HomeA la unePRESIDENTIELLE TUNISIENNE : Pourquoi Marzouki a échoué

PRESIDENTIELLE TUNISIENNE : Pourquoi Marzouki a échoué


Le président sortant, Moncef Marzouki, a été battu à l’issue du second tour de la présidentielle tunisienne par son rival, Beji Caïd Essebsi. Le verdict du peuple de Tunisie a été sans appel : 44,32% seulement des suffrages lui ont été accordés, contre 55,68% pour Essebsi, le chef de file de Nidaa Tounes. Cet écart que l’on peut qualifier d’abyssal et l’acceptation des résultats par le recalé, dont il faut saluer au passage le fair-play, donnent au nouveau président une légitimité pleine. Par ce choix, la Tunisie vient remettre au goût du jour les valeurs qui ont  été portées par Bourguiba et qui se déclinent en termes de laïcité et d’émancipation de la femme tunisienne. La victoire donc du candidat de Nidaa Tounes peut se lire comme un retour au passé, mais un passé qui évoque la modernité, d’où le paradoxe tunisien. Et c’est tant mieux pour la démocratie, puisque le peuple souverain a voulu que les choses se passent de cette manière. Cela dit, l’on peut s’essayer à apporter quelques éléments qui pourraient expliquer la défaite cuisante de Moncef Marzouki.

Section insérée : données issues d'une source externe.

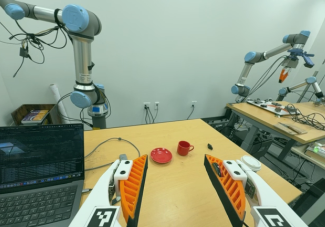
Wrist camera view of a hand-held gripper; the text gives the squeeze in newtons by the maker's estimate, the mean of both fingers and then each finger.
{"total": 0.0}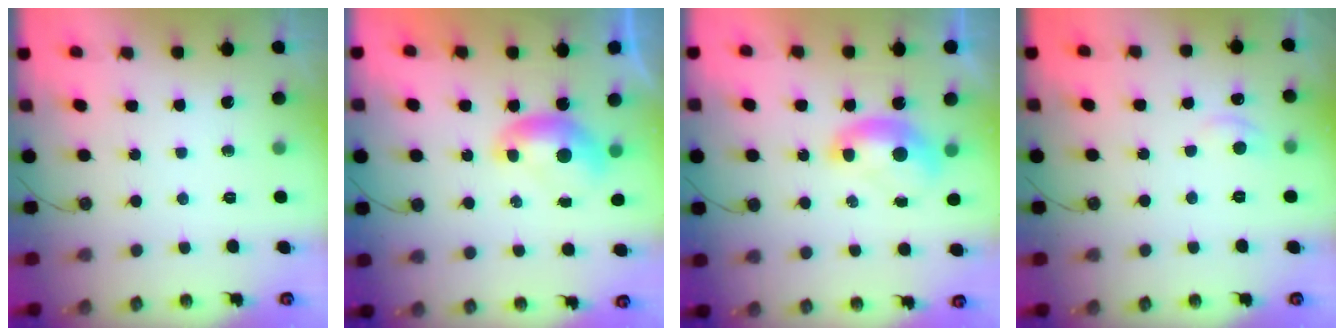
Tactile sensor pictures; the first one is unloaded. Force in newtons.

D’abord, le président sortant n’a pas pu apporter de réponses satisfaisantes aux nombreuses et légitimes attentes de ses compatriotes. L’on peut citer, entre autres, la question du chômage des jeunes, qui a été, on le sait, l’élément déclencheur de la révolution du Jasmin qui, par la suite, s’est métastasée en printemps arabe qui a balayé bien des régimes autoritaires du monde arabe. En effet, l’acte de désespoir que le jeune étudiant tunisien,  Mohamed Bouazizi, a posé en s’immolant par le feu pour signifier au pouvoir de Ben Ali le mal de vivre des jeunes Tunisiens  et l’absence totale de perspectives pour eux en matière d’emplois, semble n’avoir pas été décrypté comme il le fallait par Moncef Marzouki. Trois ans, en effet, après ce douloureux événement, le problème du chômage des jeunes en Tunisie reste d’actualité. L’on peut même dire qu’il s’est corsé. Cela a visiblement contribué à sceller le désamour entre Marzouki et le peuple tunisien.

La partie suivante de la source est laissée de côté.